I stood and ate cherries as I watched the East German border guards patrol the border between East and West - effectively the border between USSR controlled Europe and US controlled Europe. I stared in mute horror at the bunkers holding nuclear weapons ready to be used and end life as we knew it. Finally the USSR crumbled under the weight of investment in non-productive assets, namely the machinery of war.  I have a shard of the Berlin wall in a biscuit tin, next to treasured geological specimens. I thought life had to be safer and better.   

Sept 11 2001 I was working late - past midnight - when a friend called and asked me to turn on the TV. It was early morning in New York and two huge buildings were burning. I watched them crumble. There ensued the "War on Terror" - by now I was too cynical to believe propaganda. I read an online article that said the US would "win", but the cost of the war would weaken it economically and cause it's reign to end.  I think I am seeing that now.

The investment in non-productive war assets notwithstanding, poor management of the financial industry and government budgets is hastening the decline of the West in favour of the new East -  the EU agreement with China appears to be a landmark in that regard. I am troubled by the implications of there being a new emergent world master.  

There are however, more immediate concerns - as governments in Europe and around the world cede power to mobile financial capital and cross-border supply chains, they are losing the capacity to meet citizens' demands. The result is a global crisis in politics. 

On Thursday I heard  a protest echoing between the buildings in central Brisbane. Finally I discovered what appeared to be "occupy Post Office Square".  

It is interesting and disturbing to live so long.

27 October 2011, Post Office Square

Sunday, 16 October 2011

A lovely weekend in Brisbane with some excitement!

Friday night I went to Dipawali, the Hindu festival of light, in King George Square in the shadow of our council building - it's undergoing extensive rescue renovations, hence the cranes. The sign "Rescue city hall" is just a rectangle of bright light.

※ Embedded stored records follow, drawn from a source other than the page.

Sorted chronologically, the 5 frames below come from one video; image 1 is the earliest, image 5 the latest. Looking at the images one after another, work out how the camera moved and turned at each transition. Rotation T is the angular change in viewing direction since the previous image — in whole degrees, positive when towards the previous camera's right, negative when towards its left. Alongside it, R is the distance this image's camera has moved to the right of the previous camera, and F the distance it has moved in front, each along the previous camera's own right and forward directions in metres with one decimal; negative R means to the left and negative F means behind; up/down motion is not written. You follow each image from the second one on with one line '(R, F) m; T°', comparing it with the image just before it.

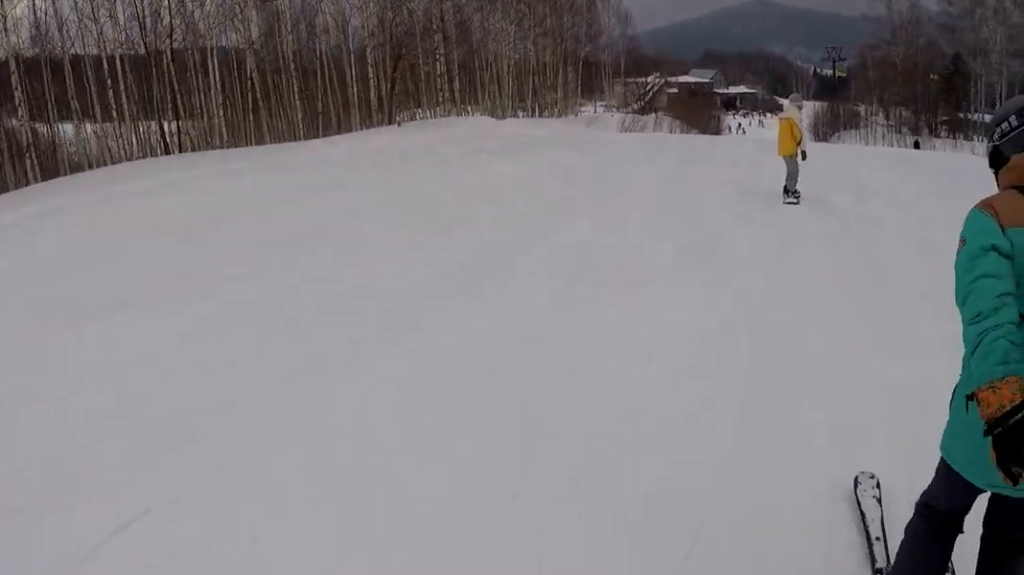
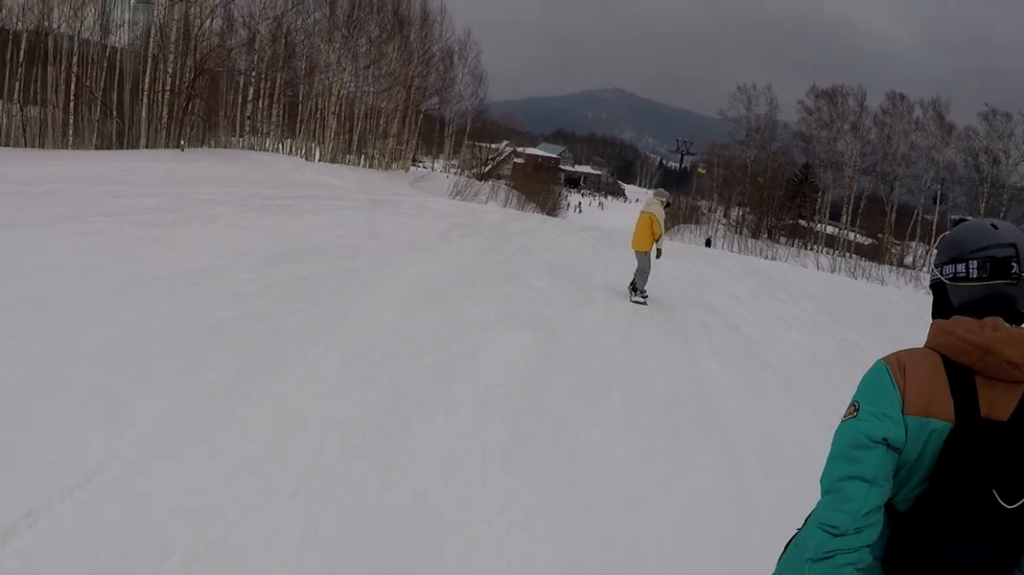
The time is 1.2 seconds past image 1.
(-0.4, +5.3) m; -4°
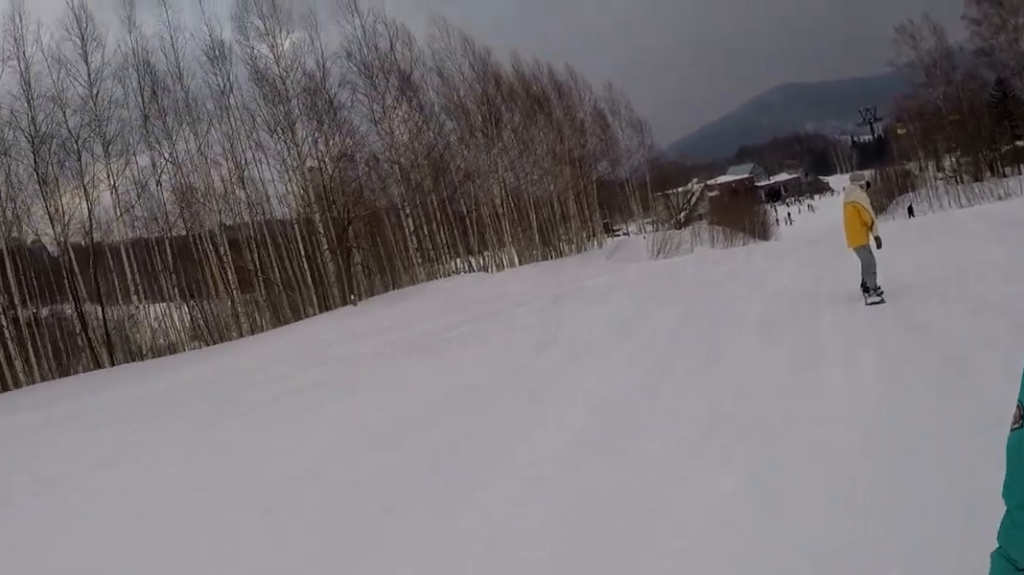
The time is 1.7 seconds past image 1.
(0.0, +2.2) m; +2°
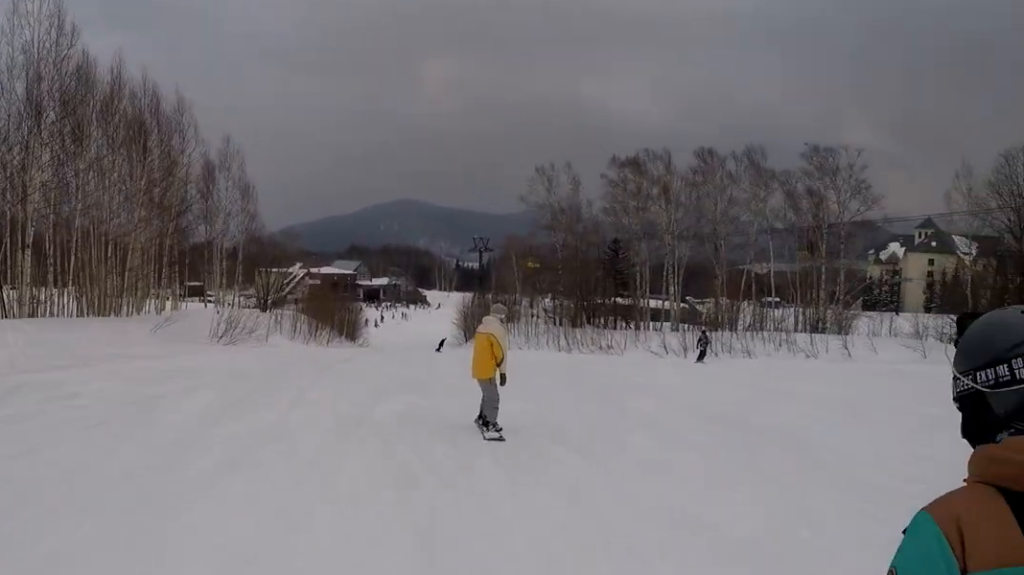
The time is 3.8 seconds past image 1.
(+1.4, +8.3) m; +17°
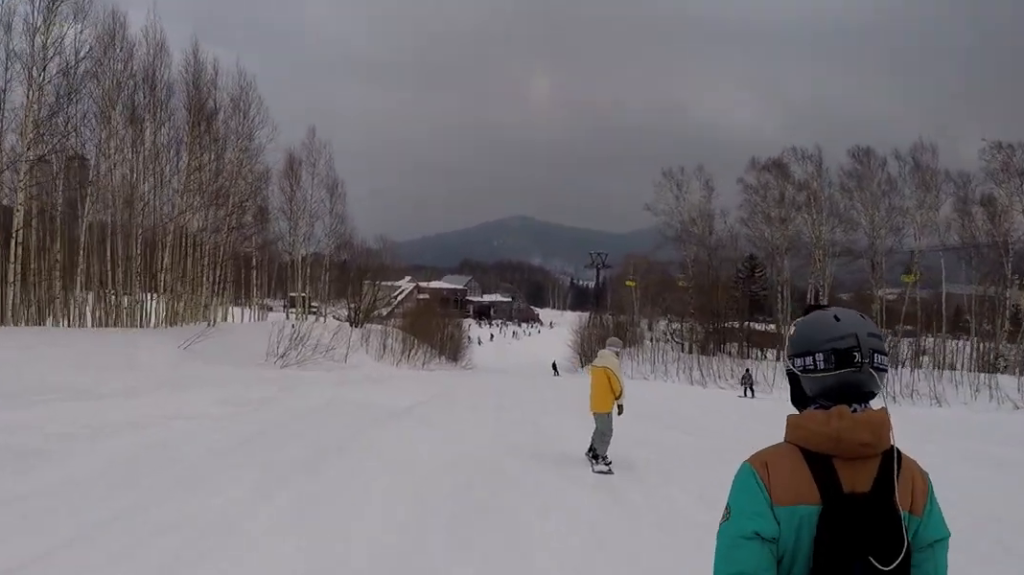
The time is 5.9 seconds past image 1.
(-0.3, +7.9) m; -4°

I went with Billy, my soul-twin, and it was a wonderful experience and helped us both feel less lonely. Surprise, surprise, we both chose the same curried fried rice for dinner and teamed that up with a mango lassi.  Here's one of the better acts - a professional Punjabi dance group:
We went home early - leaving after the speeches and multi-faith prayers - because Billy had been up for most of the night helping people with houses damaged by a bad thunderstorm.

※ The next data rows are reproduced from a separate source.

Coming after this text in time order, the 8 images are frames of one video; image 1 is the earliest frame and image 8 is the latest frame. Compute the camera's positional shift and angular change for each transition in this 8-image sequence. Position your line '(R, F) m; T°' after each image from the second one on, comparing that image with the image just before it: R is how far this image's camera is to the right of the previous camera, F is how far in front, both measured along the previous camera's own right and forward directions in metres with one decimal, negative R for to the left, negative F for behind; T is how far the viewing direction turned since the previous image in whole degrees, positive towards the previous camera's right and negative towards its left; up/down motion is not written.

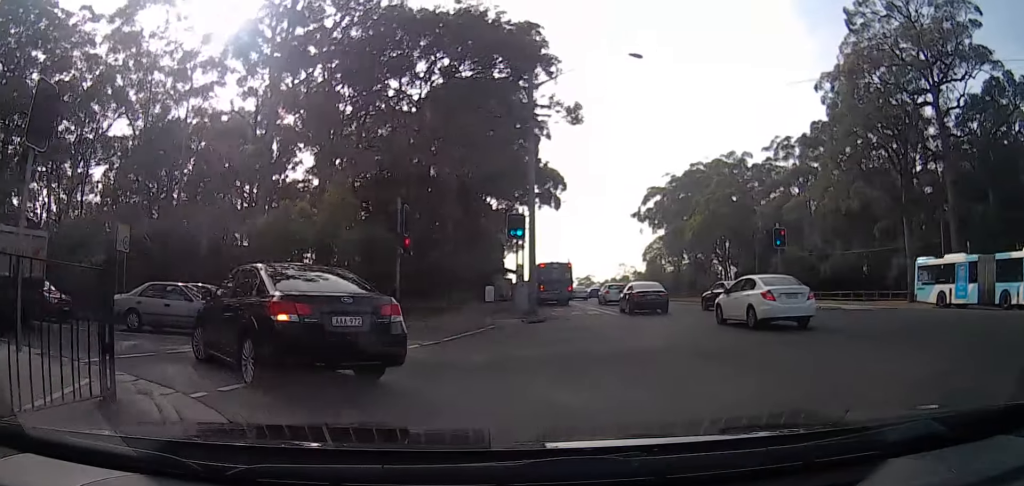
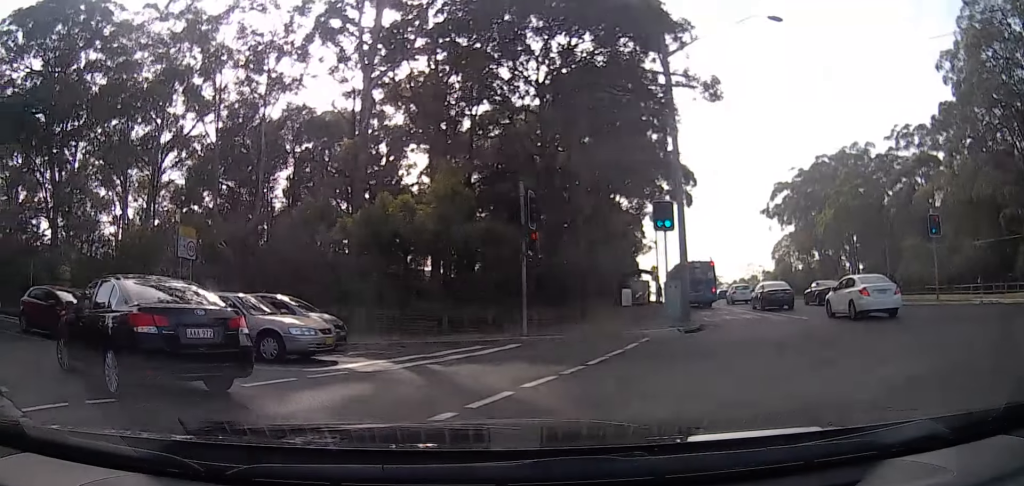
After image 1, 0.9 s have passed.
(-1.2, +4.1) m; -34°
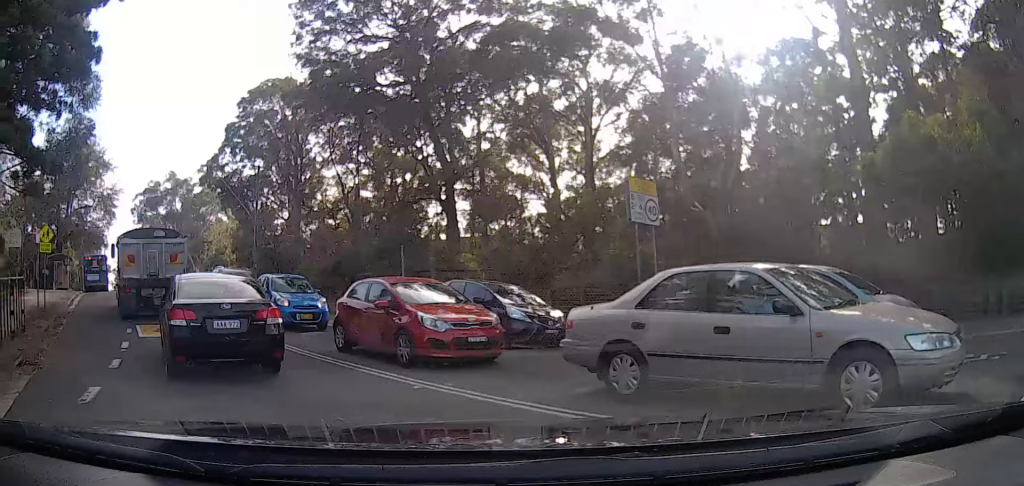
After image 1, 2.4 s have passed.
(-3.3, +7.8) m; -24°
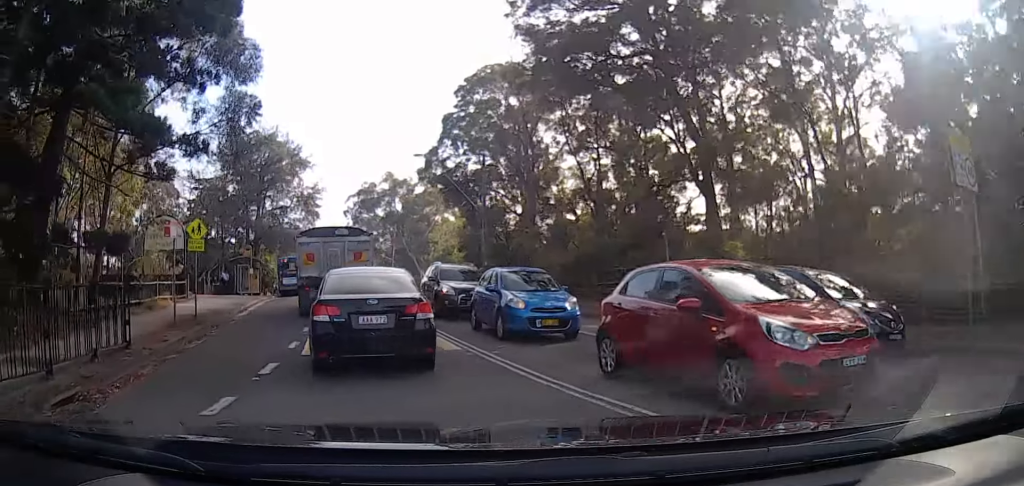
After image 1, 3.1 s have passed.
(0.0, +3.8) m; 0°
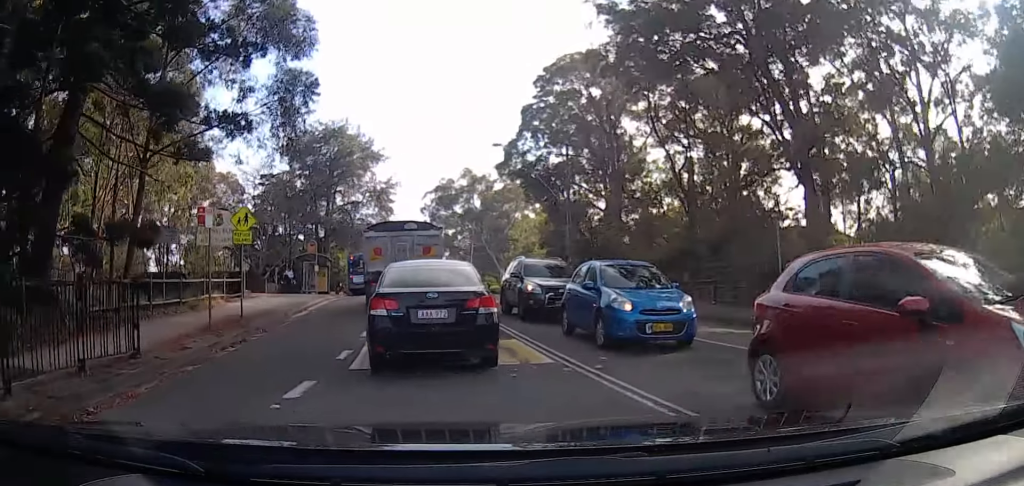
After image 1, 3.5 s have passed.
(0.0, +2.1) m; 0°
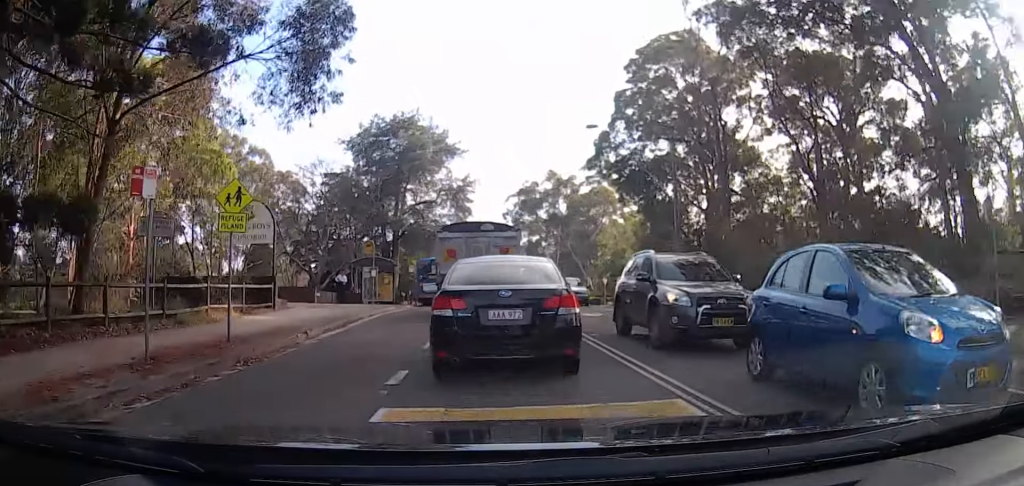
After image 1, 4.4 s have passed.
(0.0, +4.4) m; 0°
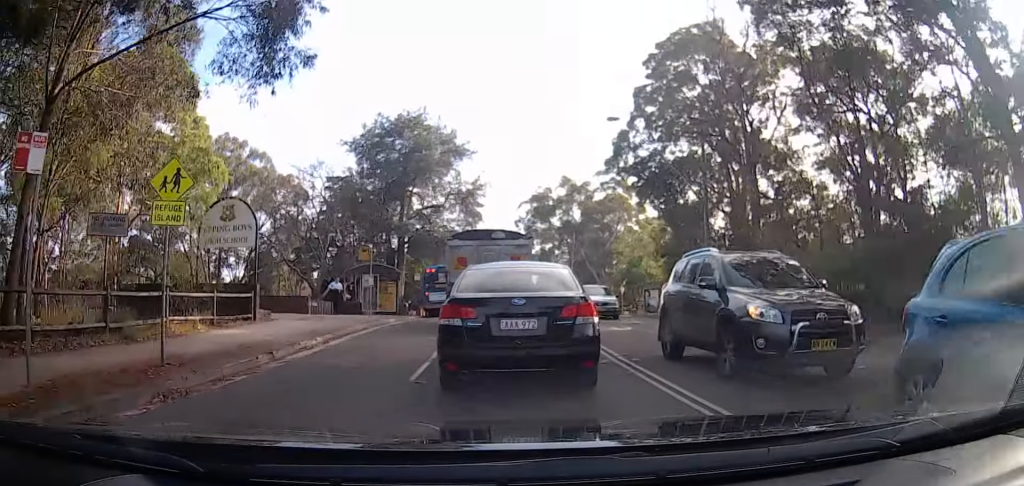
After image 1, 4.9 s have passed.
(0.0, +2.2) m; -2°
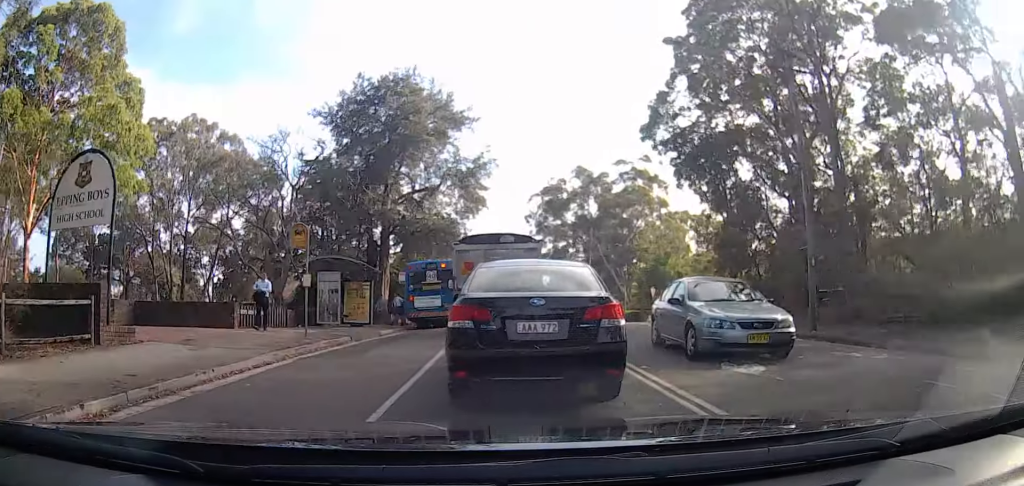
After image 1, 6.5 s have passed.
(-0.6, +7.5) m; -9°

The next day Awesome and I went walking and we stopped at Kangaroo Point to enjoy a rather nice view of the Brisbane River, Botanic Gardens and CBD.
Spring is the season for jacaranda flowers - I turned around to see this lovely old Queensland-style worker's cottage with a jacaranda in front of it. This tree is probably only 30 years old - some are HUGE and protected by the Council. Note the carpet of lavender blooms on the footpath.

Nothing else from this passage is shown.